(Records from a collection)

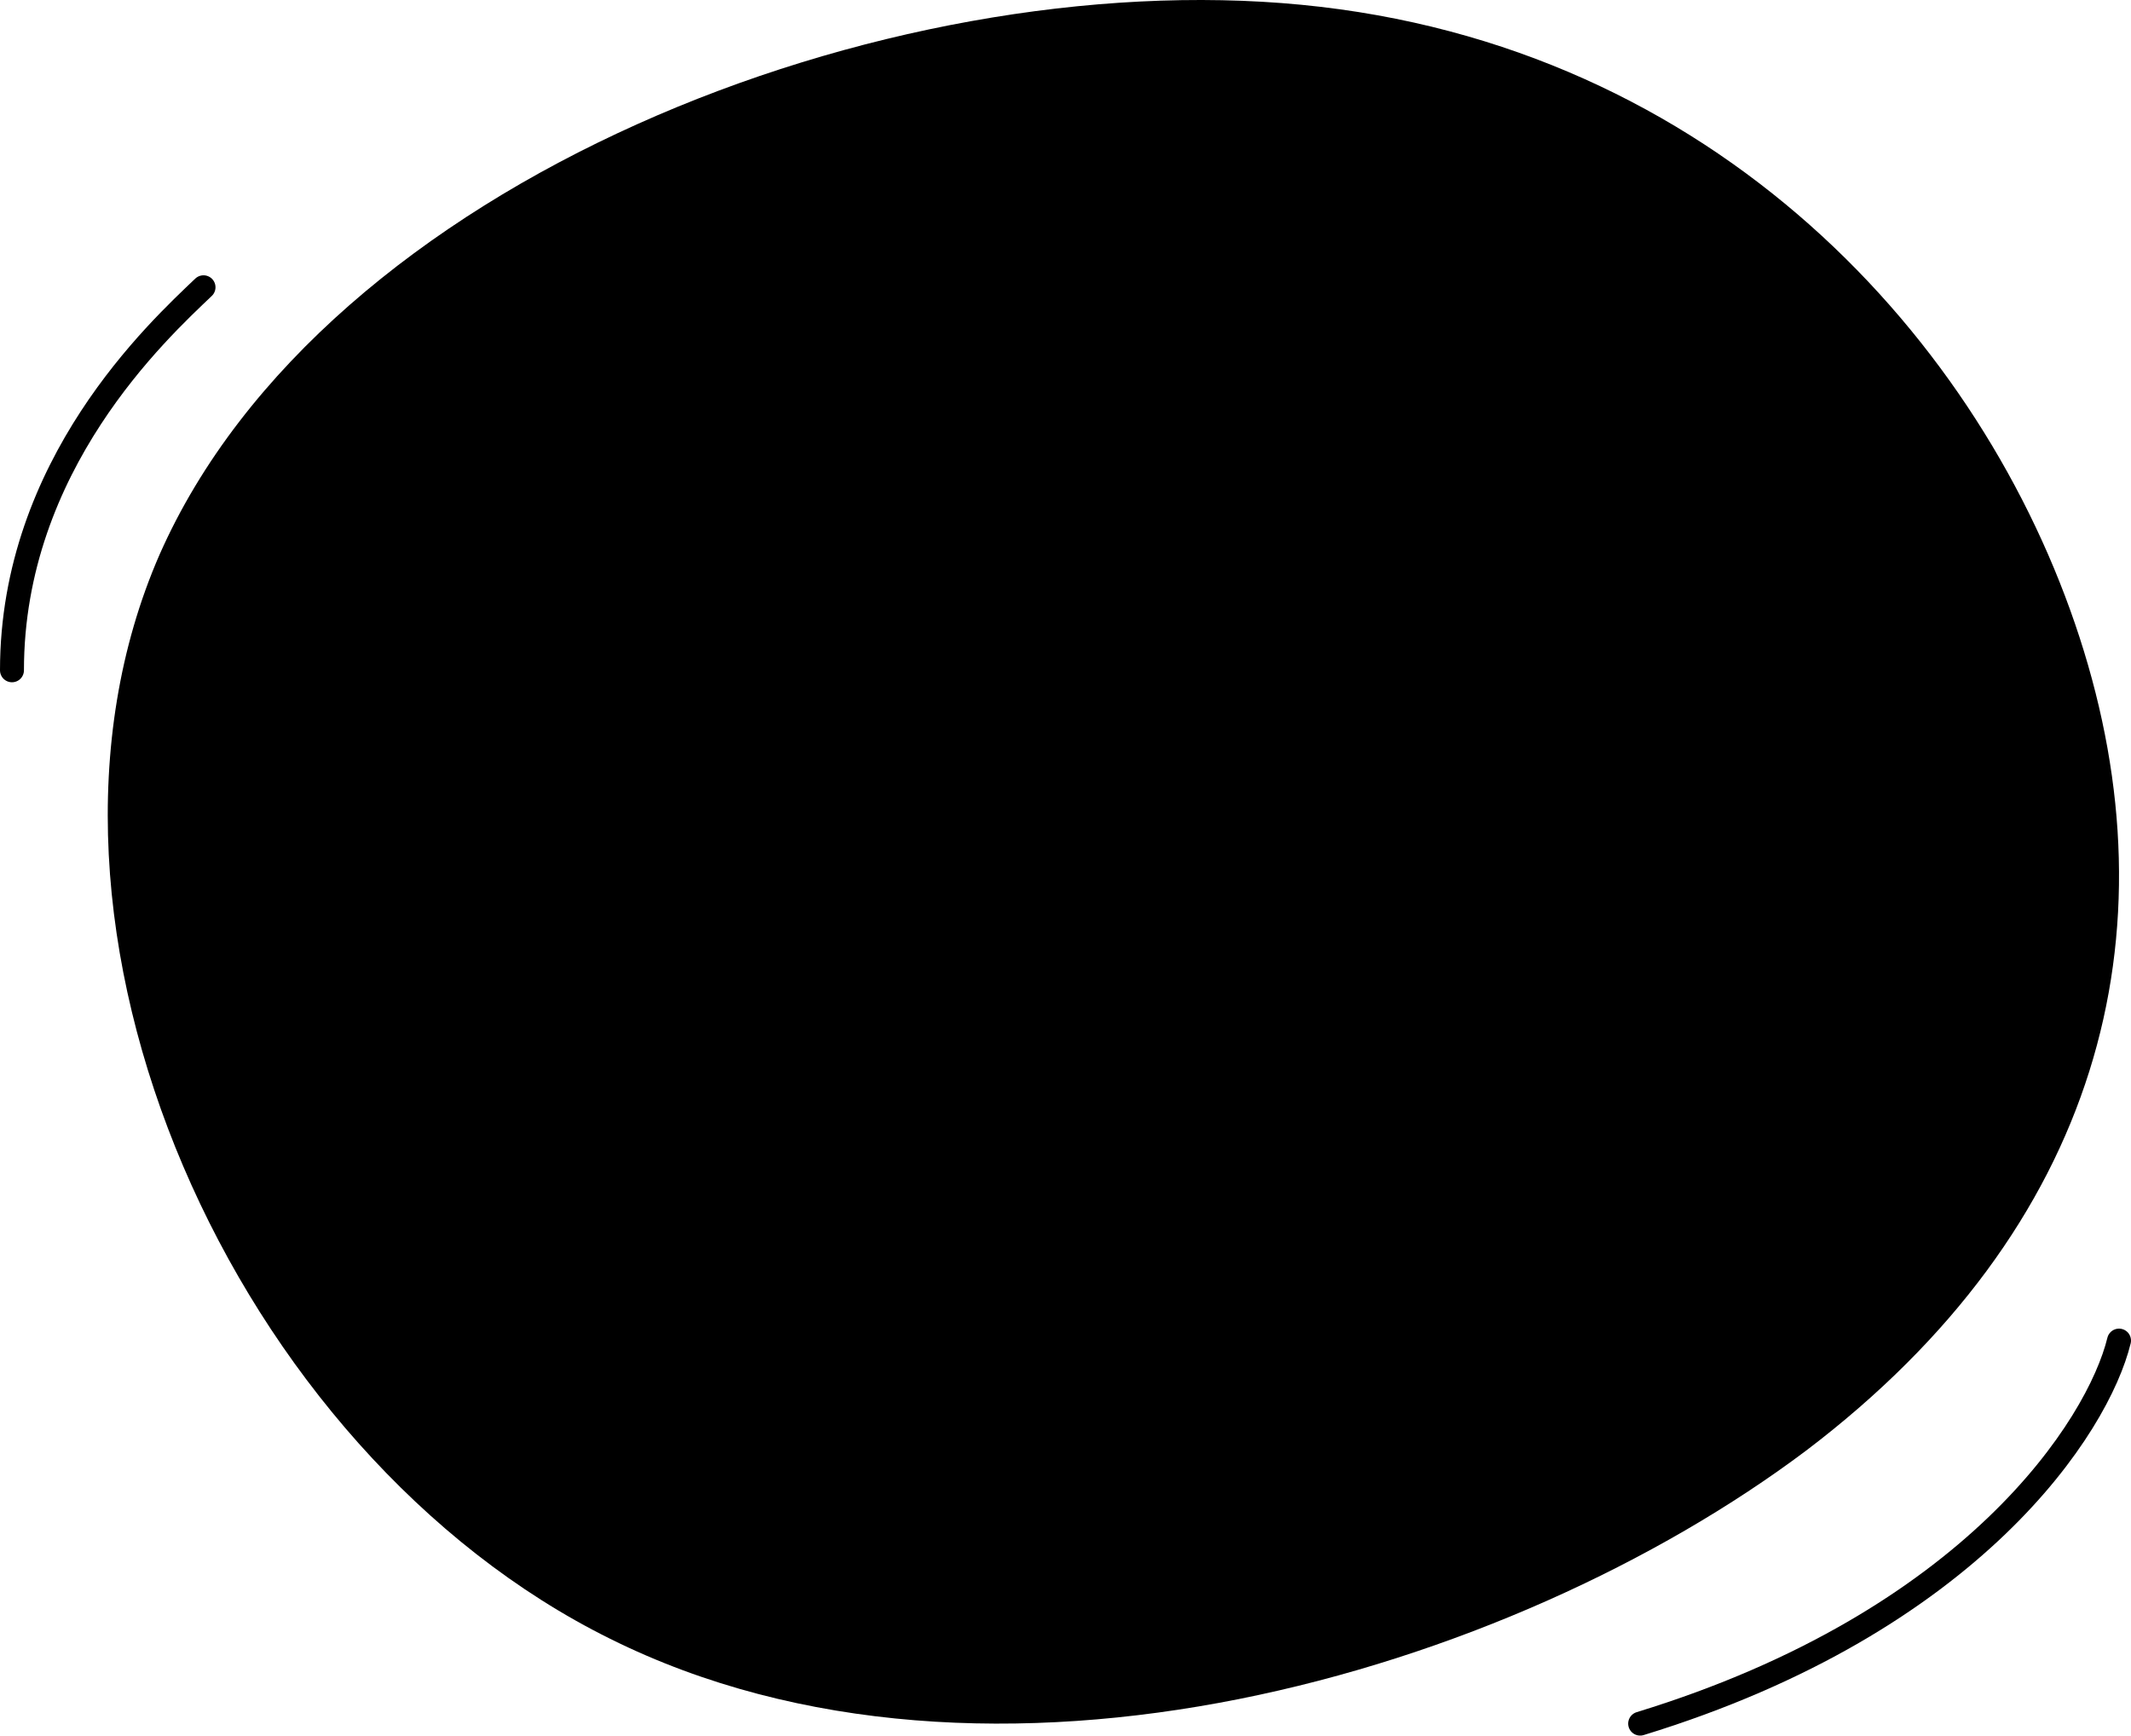 <svg width="178" height="145" viewBox="0 0 178 145" fill="none" xmlns="http://www.w3.org/2000/svg">
<path d="M173.702 53.245C181.734 77.991 175.459 102.527 150.864 121.191C126.018 139.855 82.599 152.647 50.977 136.919C19.605 121.4 -0.222 77.362 13.331 46.325C27.134 15.078 74.066 -2.957 108.7 0.399C143.335 3.754 165.671 28.5 173.702 53.245Z" fill="#F0F1FF" style="fill:#F0F1FF;fill:color(display-p3 0.94 0.946 1);fill-opacity:1;"/>
<path d="M177 112C175.268 119.111 164.844 135.467 137 144" stroke="#B5BBFF" style="stroke:#B5BBFF;stroke:color(display-p3 0.71 0.734 1);stroke-opacity:1;" stroke-width="2" stroke-linecap="round" stroke-linejoin="round"/>
<path d="M17 24C13.235 27.593 1 38.821 1 56" stroke="#B5BBFF" style="stroke:#B5BBFF;stroke:color(display-p3 0.71 0.734 1);stroke-opacity:1;" stroke-width="2" stroke-linecap="round" stroke-linejoin="round"/>
<g clip-path="url(#clip0_1606_3442)">
<path d="M64.547 49.54C64.547 49.54 94.589 43.42 125.349 47.595C140.383 49.65 128.766 89.028 128.766 89.028L57.707 87.666C57.707 87.666 50.873 59.141 64.541 49.54" fill="#A1A9FF" style="fill:#A1A9FF;fill:color(display-p3 0.63 0.661 1);fill-opacity:1;"/>
<path d="M57.707 87.666L46.097 97.339C46.097 97.339 86.409 105.63 135.6 100.1L128.766 89.047" fill="#A1A9FF" style="fill:#A1A9FF;fill:color(display-p3 0.63 0.661 1);fill-opacity:1;"/>
<path d="M61.098 46.045C61.098 46.045 91.172 39.919 122.002 44.1C137.049 46.156 125.419 85.592 125.419 85.592L54.258 84.25C54.258 84.25 47.449 55.666 61.098 46.045Z" stroke="#1D2473" style="stroke:#1D2473;stroke:color(display-p3 0.113 0.141 0.45);stroke-opacity:1;" stroke-width="2" stroke-linecap="round" stroke-linejoin="round"/>
<path d="M54.264 84.172L42.641 93.896C42.641 93.896 82.985 102.24 132.228 96.677L125.387 85.559" stroke="#1D2473" style="stroke:#1D2473;stroke:color(display-p3 0.113 0.141 0.45);stroke-opacity:1;" stroke-width="2" stroke-linecap="round" stroke-linejoin="round"/>
<path d="M96 63L99.5 66.5M99.5 55.5L101.5 59M108.5 55.5L107.5 60" stroke="#1D2473" style="stroke:#1D2473;stroke:color(display-p3 0.113 0.141 0.45);stroke-opacity:1;" stroke-width="2" stroke-linecap="round" stroke-linejoin="round"/>
</g>
<path d="M104.5 64V80L108.5 74L116.5 76L104.5 64Z" stroke="#1D2473" style="stroke:#1D2473;stroke:color(display-p3 0.113 0.141 0.45);stroke-opacity:1;" stroke-width="2" stroke-linejoin="round"/>
<defs>
<clipPath id="clip0_1606_3442">
<rect width="93.6" height="60" fill="white" style="fill:white;fill-opacity:1;" transform="translate(42 42)"/>
</clipPath>
</defs>
</svg>

* What to do:
All the data above is to be transcribed exactly, with no pictures included.

* Written answer:
 <svg width="178" height="145" viewBox="0 0 178 145" fill="none" xmlns="http://www.w3.org/2000/svg">
<path d="M173.702 53.245C181.734 77.991 175.459 102.527 150.864 121.191C126.018 139.855 82.599 152.647 50.977 136.919C19.605 121.4 -0.222 77.362 13.331 46.325C27.134 15.078 74.066 -2.957 108.7 0.399C143.335 3.754 165.671 28.5 173.702 53.245Z" fill="#F0F1FF" style="fill:#F0F1FF;fill:color(display-p3 0.94 0.946 1);fill-opacity:1;"/>
<path d="M177 112C175.268 119.111 164.844 135.467 137 144" stroke="#B5BBFF" style="stroke:#B5BBFF;stroke:color(display-p3 0.71 0.734 1);stroke-opacity:1;" stroke-width="2" stroke-linecap="round" stroke-linejoin="round"/>
<path d="M17 24C13.235 27.593 1 38.821 1 56" stroke="#B5BBFF" style="stroke:#B5BBFF;stroke:color(display-p3 0.71 0.734 1);stroke-opacity:1;" stroke-width="2" stroke-linecap="round" stroke-linejoin="round"/>
<g clip-path="url(#clip0_1606_3442)">
<path d="M64.547 49.54C64.547 49.54 94.589 43.42 125.349 47.595C140.383 49.65 128.766 89.028 128.766 89.028L57.707 87.666C57.707 87.666 50.873 59.141 64.541 49.54" fill="#A1A9FF" style="fill:#A1A9FF;fill:color(display-p3 0.63 0.661 1);fill-opacity:1;"/>
<path d="M57.707 87.666L46.097 97.339C46.097 97.339 86.409 105.63 135.6 100.1L128.766 89.047" fill="#A1A9FF" style="fill:#A1A9FF;fill:color(display-p3 0.63 0.661 1);fill-opacity:1;"/>
<path d="M61.098 46.045C61.098 46.045 91.172 39.919 122.002 44.1C137.049 46.156 125.419 85.592 125.419 85.592L54.258 84.25C54.258 84.25 47.449 55.666 61.098 46.045Z" stroke="#1D2473" style="stroke:#1D2473;stroke:color(display-p3 0.113 0.141 0.45);stroke-opacity:1;" stroke-width="2" stroke-linecap="round" stroke-linejoin="round"/>
<path d="M54.264 84.172L42.641 93.896C42.641 93.896 82.985 102.24 132.228 96.677L125.387 85.559" stroke="#1D2473" style="stroke:#1D2473;stroke:color(display-p3 0.113 0.141 0.45);stroke-opacity:1;" stroke-width="2" stroke-linecap="round" stroke-linejoin="round"/>
<path d="M96 63L99.5 66.5M99.5 55.5L101.5 59M108.5 55.5L107.5 60" stroke="#1D2473" style="stroke:#1D2473;stroke:color(display-p3 0.113 0.141 0.45);stroke-opacity:1;" stroke-width="2" stroke-linecap="round" stroke-linejoin="round"/>
</g>
<path d="M104.5 64V80L108.5 74L116.5 76L104.5 64Z" stroke="#1D2473" style="stroke:#1D2473;stroke:color(display-p3 0.113 0.141 0.45);stroke-opacity:1;" stroke-width="2" stroke-linejoin="round"/>
<defs>
<clipPath id="clip0_1606_3442">
<rect width="93.6" height="60" fill="white" style="fill:white;fill-opacity:1;" transform="translate(42 42)"/>
</clipPath>
</defs>
</svg>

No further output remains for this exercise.